Records from a data collection
--------

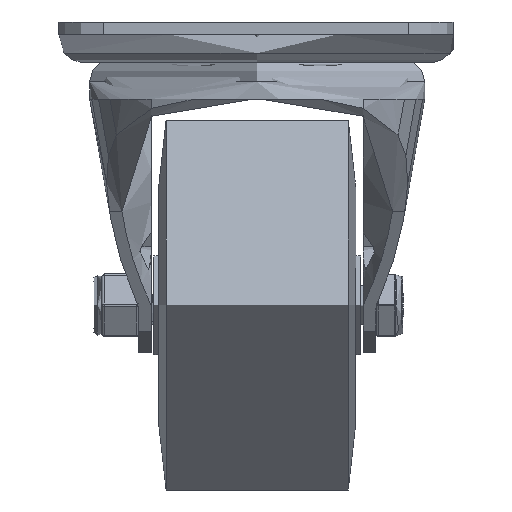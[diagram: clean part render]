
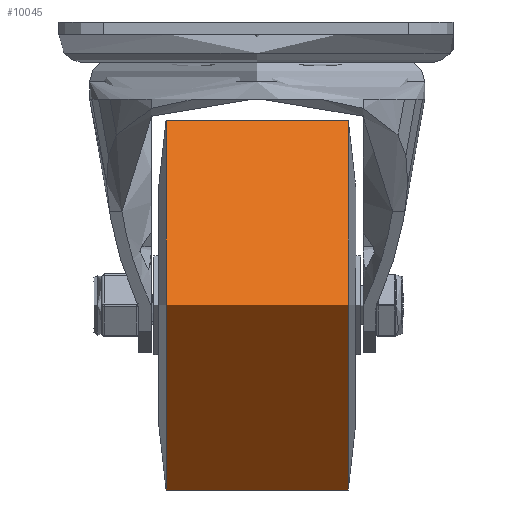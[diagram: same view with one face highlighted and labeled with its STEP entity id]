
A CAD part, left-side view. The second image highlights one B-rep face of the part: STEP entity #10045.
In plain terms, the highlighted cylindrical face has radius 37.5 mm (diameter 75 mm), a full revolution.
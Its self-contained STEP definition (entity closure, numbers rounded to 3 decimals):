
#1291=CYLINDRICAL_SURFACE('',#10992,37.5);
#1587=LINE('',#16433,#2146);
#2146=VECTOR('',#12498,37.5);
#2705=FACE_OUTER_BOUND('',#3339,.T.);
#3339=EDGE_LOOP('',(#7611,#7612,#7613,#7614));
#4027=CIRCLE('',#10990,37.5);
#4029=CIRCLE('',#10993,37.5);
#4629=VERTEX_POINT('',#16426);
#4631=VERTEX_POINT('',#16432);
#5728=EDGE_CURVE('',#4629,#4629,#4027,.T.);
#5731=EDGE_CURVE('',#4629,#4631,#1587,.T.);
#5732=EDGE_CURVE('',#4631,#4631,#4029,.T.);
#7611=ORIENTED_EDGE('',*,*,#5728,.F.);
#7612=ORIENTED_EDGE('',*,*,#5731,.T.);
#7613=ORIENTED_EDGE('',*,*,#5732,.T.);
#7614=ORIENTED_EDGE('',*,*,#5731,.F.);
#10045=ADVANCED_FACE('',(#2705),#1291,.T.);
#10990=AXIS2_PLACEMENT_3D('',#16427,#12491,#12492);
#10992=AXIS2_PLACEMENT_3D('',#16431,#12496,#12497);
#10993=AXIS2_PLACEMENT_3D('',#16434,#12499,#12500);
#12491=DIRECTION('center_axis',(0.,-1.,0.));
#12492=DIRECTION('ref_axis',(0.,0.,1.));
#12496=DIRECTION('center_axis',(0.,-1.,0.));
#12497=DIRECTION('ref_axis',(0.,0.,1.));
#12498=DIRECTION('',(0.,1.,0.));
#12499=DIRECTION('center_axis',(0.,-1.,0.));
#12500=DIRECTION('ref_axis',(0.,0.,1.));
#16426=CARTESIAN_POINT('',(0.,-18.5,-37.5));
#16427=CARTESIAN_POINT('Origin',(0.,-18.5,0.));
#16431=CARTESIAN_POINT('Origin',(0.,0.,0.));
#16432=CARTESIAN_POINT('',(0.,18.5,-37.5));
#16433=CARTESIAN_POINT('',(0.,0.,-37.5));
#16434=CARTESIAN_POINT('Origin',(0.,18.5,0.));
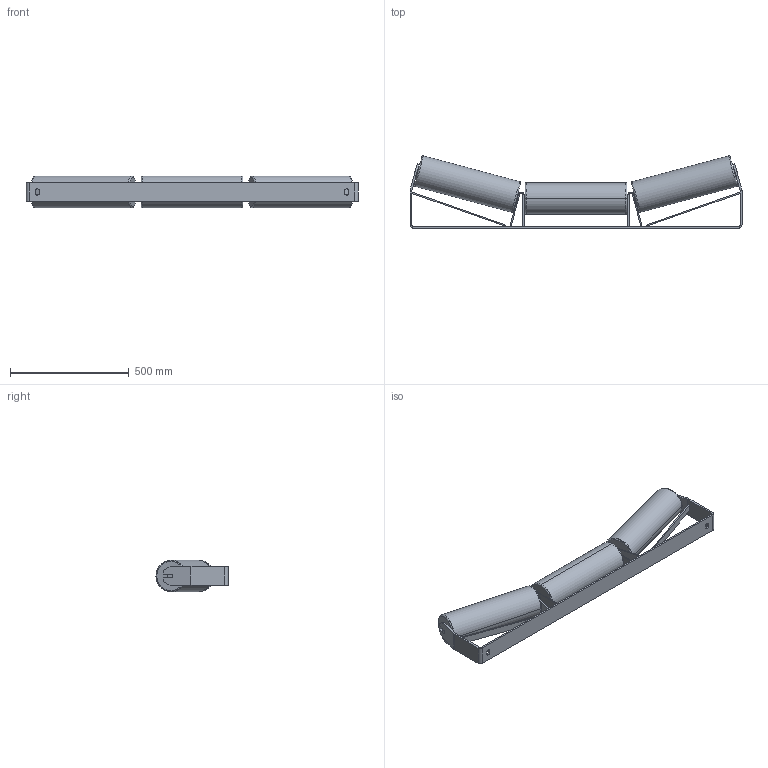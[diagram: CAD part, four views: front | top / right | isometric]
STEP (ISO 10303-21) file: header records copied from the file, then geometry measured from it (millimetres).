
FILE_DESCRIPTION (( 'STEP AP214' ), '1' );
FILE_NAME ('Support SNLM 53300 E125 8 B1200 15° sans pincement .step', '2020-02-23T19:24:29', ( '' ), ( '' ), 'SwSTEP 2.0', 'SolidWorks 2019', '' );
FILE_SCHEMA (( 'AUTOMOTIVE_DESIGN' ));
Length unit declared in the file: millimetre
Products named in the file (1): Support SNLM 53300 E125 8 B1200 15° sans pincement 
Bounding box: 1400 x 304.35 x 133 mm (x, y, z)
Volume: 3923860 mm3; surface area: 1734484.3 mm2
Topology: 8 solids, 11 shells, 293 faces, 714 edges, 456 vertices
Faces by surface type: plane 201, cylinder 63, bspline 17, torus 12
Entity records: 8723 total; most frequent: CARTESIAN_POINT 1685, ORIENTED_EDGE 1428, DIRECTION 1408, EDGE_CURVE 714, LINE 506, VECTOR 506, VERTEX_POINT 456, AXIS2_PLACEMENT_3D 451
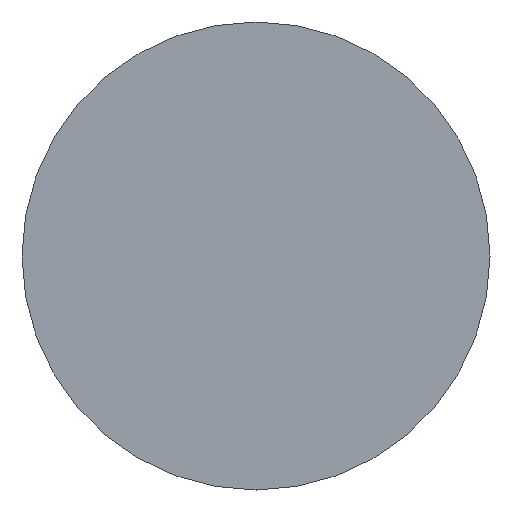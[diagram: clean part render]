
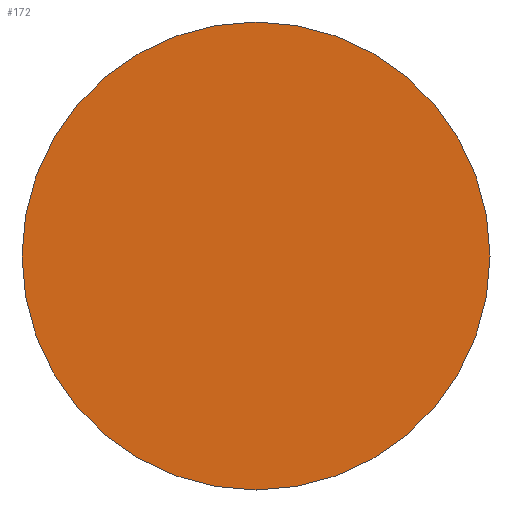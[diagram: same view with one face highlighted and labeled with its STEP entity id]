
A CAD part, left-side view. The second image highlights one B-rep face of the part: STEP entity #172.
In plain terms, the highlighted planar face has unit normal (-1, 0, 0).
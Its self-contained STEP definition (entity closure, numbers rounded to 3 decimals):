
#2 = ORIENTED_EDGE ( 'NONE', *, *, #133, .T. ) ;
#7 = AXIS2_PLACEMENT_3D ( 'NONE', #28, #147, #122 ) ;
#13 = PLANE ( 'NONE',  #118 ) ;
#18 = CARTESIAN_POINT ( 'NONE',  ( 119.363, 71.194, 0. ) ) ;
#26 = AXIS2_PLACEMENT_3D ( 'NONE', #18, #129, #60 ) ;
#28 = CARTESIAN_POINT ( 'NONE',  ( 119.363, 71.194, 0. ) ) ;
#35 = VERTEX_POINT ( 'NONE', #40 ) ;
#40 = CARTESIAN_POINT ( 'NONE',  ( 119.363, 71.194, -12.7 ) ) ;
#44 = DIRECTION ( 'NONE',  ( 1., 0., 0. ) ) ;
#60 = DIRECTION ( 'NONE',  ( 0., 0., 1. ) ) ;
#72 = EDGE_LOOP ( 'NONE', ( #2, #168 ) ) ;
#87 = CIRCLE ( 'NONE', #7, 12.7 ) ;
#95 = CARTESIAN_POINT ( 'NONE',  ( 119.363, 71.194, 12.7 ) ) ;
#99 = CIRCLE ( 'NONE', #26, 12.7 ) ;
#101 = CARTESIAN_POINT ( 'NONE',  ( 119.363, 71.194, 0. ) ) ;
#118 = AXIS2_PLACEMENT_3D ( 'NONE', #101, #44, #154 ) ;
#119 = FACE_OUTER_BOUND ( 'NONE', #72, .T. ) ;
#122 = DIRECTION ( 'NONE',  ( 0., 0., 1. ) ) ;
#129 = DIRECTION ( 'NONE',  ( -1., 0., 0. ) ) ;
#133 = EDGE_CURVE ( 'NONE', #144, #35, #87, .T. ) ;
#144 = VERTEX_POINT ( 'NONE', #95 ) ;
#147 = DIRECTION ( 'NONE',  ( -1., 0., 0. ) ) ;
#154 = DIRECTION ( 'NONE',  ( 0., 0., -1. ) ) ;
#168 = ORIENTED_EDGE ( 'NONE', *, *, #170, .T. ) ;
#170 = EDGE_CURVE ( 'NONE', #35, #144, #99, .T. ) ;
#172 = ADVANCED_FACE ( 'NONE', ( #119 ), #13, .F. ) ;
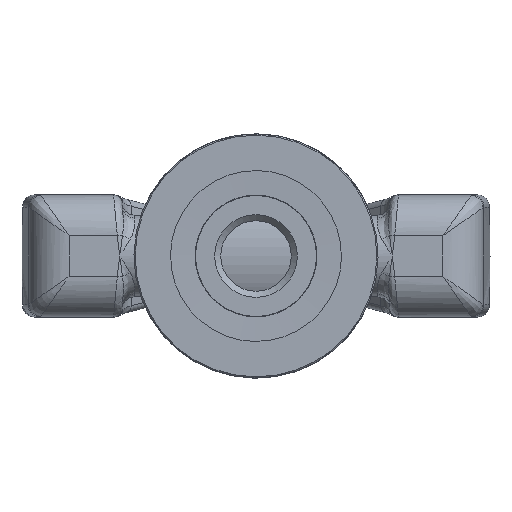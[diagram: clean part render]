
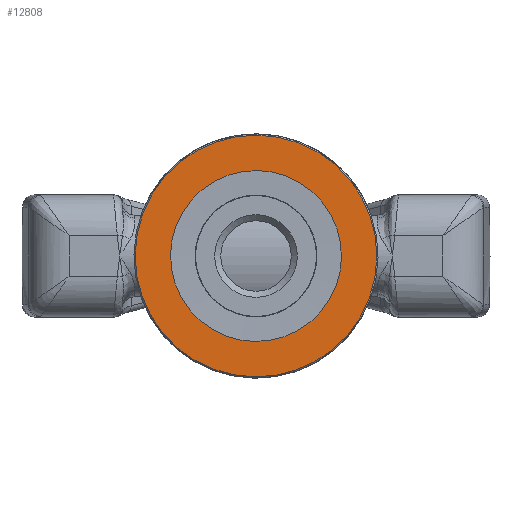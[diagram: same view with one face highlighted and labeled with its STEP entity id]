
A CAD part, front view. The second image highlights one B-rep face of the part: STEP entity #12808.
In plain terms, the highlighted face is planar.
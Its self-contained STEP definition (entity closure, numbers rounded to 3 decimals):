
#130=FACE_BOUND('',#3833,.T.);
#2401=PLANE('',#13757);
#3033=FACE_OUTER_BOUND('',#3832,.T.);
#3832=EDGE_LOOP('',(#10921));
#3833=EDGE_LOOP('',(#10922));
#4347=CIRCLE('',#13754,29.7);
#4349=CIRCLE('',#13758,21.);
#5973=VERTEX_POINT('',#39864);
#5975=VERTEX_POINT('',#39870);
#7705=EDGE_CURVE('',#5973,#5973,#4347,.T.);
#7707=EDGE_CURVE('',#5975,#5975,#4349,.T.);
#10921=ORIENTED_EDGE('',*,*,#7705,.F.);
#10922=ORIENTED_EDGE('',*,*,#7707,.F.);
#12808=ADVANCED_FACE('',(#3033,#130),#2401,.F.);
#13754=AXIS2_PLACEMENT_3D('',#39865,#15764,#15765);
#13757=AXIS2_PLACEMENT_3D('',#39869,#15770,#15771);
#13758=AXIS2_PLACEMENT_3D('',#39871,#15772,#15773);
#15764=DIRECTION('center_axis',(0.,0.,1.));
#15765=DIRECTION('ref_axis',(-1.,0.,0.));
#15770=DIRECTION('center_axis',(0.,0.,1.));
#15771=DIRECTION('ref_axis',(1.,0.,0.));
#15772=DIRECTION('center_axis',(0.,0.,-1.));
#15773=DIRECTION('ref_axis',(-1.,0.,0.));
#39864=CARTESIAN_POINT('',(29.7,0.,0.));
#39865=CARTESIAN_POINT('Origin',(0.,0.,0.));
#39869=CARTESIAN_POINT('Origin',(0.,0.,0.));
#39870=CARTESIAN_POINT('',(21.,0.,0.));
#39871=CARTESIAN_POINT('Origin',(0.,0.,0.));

--------

WHAT YOU HAVE TO DO: Beginning with the first line of the records above, extract each line exactly through the line that holds "#12500=DIRECTION('ref_axis',(0.,0.,1.));", both ends included. Omit pictures.

ANSWER SECTION:
[diagram: clean part render]
[diagram: same view with one face highlighted and labeled with its STEP entity id]
A CAD part, left-side view. The second image highlights one B-rep face of the part: STEP entity #10045.
In plain terms, the highlighted cylindrical face has radius 37.5 mm (diameter 75 mm), a full revolution.
Its self-contained STEP definition (entity closure, numbers rounded to 3 decimals):
#1291=CYLINDRICAL_SURFACE('',#10992,37.5);
#1587=LINE('',#16433,#2146);
#2146=VECTOR('',#12498,37.5);
#2705=FACE_OUTER_BOUND('',#3339,.T.);
#3339=EDGE_LOOP('',(#7611,#7612,#7613,#7614));
#4027=CIRCLE('',#10990,37.5);
#4029=CIRCLE('',#10993,37.5);
#4629=VERTEX_POINT('',#16426);
#4631=VERTEX_POINT('',#16432);
#5728=EDGE_CURVE('',#4629,#4629,#4027,.T.);
#5731=EDGE_CURVE('',#4629,#4631,#1587,.T.);
#5732=EDGE_CURVE('',#4631,#4631,#4029,.T.);
#7611=ORIENTED_EDGE('',*,*,#5728,.F.);
#7612=ORIENTED_EDGE('',*,*,#5731,.T.);
#7613=ORIENTED_EDGE('',*,*,#5732,.T.);
#7614=ORIENTED_EDGE('',*,*,#5731,.F.);
#10045=ADVANCED_FACE('',(#2705),#1291,.T.);
#10990=AXIS2_PLACEMENT_3D('',#16427,#12491,#12492);
#10992=AXIS2_PLACEMENT_3D('',#16431,#12496,#12497);
#10993=AXIS2_PLACEMENT_3D('',#16434,#12499,#12500);
#12491=DIRECTION('center_axis',(0.,-1.,0.));
#12492=DIRECTION('ref_axis',(0.,0.,1.));
#12496=DIRECTION('center_axis',(0.,-1.,0.));
#12497=DIRECTION('ref_axis',(0.,0.,1.));
#12498=DIRECTION('',(0.,1.,0.));
#12499=DIRECTION('center_axis',(0.,-1.,0.));
#12500=DIRECTION('ref_axis',(0.,0.,1.));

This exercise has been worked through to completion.